**YOUR OBJECTIVE**
From the line containing "2.3 seconds have passed since image 1." through the last line of the entries below, print each line exactly. Pictures stay out.

(RECORDS PROVIDED Opens)

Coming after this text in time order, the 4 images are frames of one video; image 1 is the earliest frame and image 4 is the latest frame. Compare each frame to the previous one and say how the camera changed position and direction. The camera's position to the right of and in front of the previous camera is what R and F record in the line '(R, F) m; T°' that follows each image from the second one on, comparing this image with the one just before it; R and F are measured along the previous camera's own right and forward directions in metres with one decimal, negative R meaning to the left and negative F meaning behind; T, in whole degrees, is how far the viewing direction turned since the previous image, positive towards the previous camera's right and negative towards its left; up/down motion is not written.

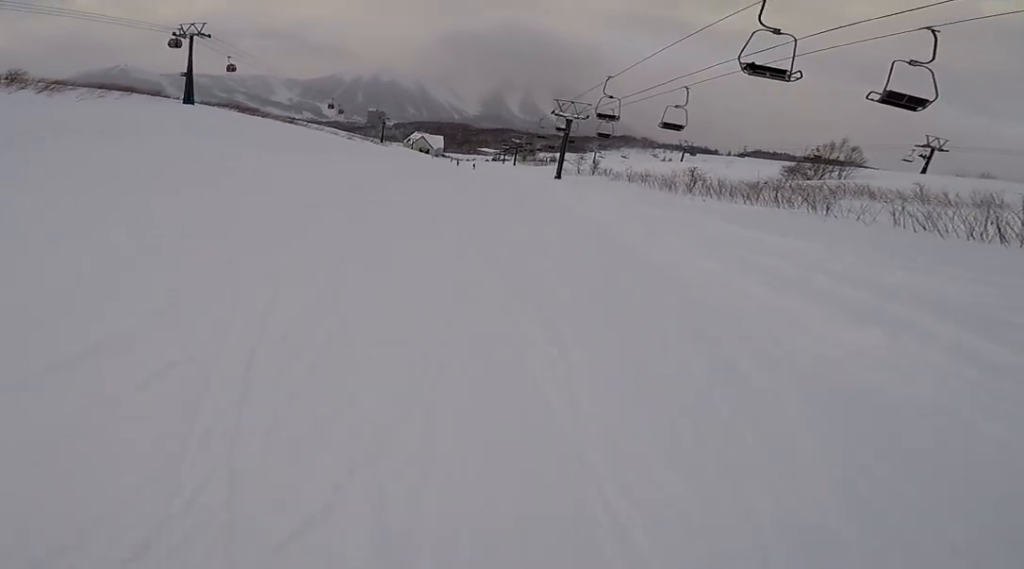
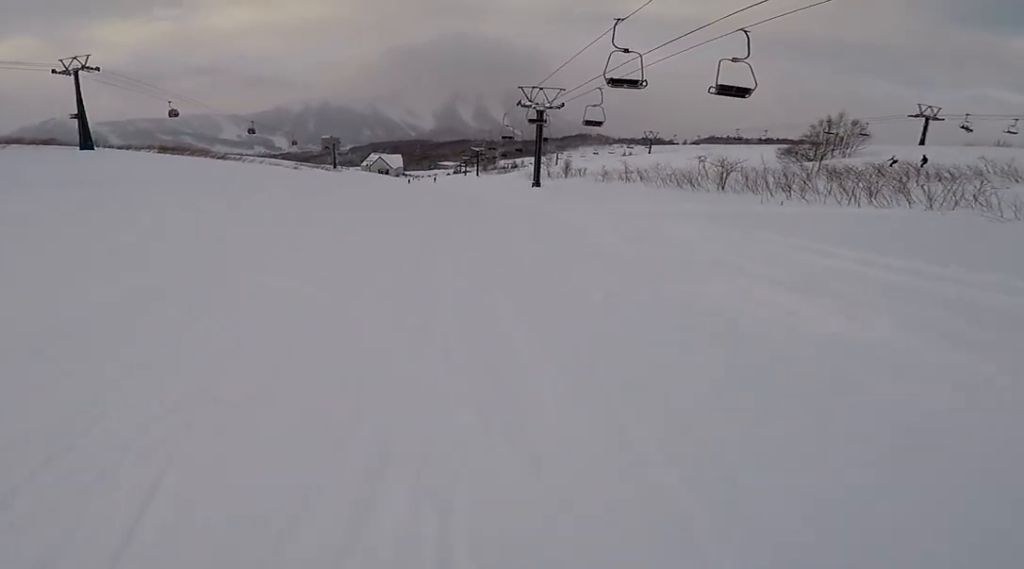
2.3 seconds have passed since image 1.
(0.0, +11.2) m; 0°
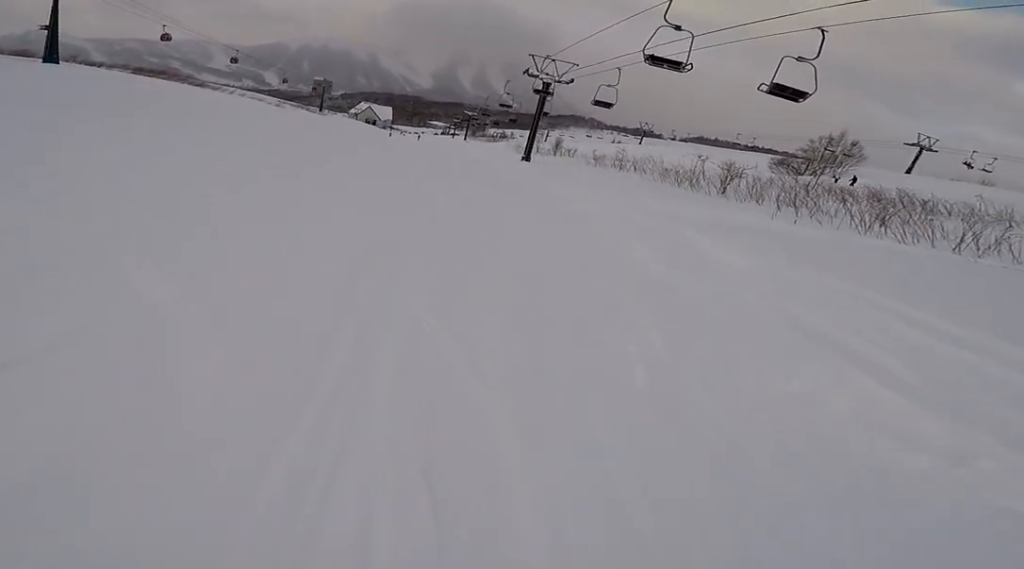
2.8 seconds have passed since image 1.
(0.0, +2.8) m; 0°
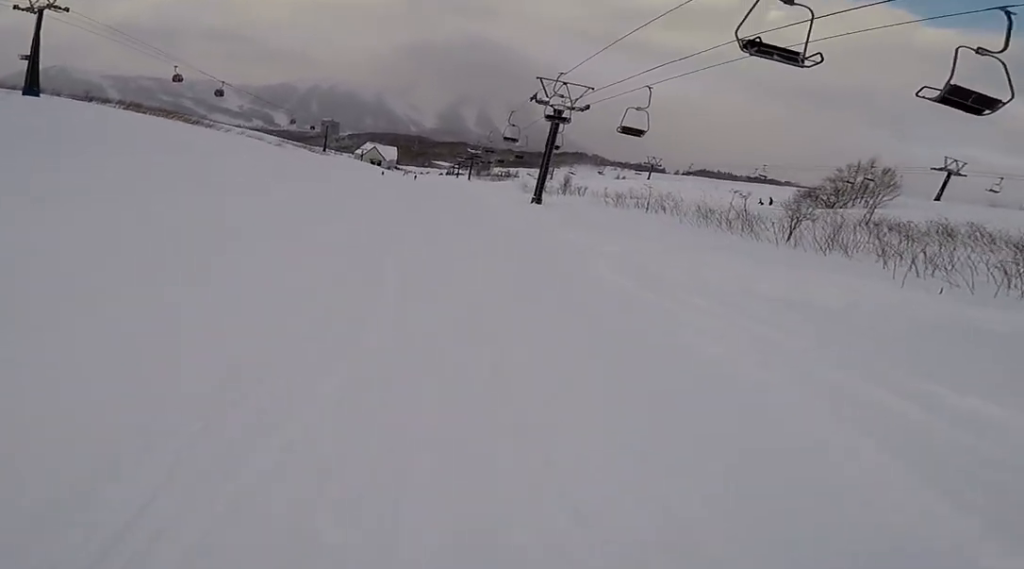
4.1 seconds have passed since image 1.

(RECORDS PROVIDED Closes)

**WRITTEN SOLUTION**
2.3 seconds have passed since image 1.
(0.0, +11.2) m; 0°
2.8 seconds have passed since image 1.
(0.0, +2.8) m; 0°
4.1 seconds have passed since image 1.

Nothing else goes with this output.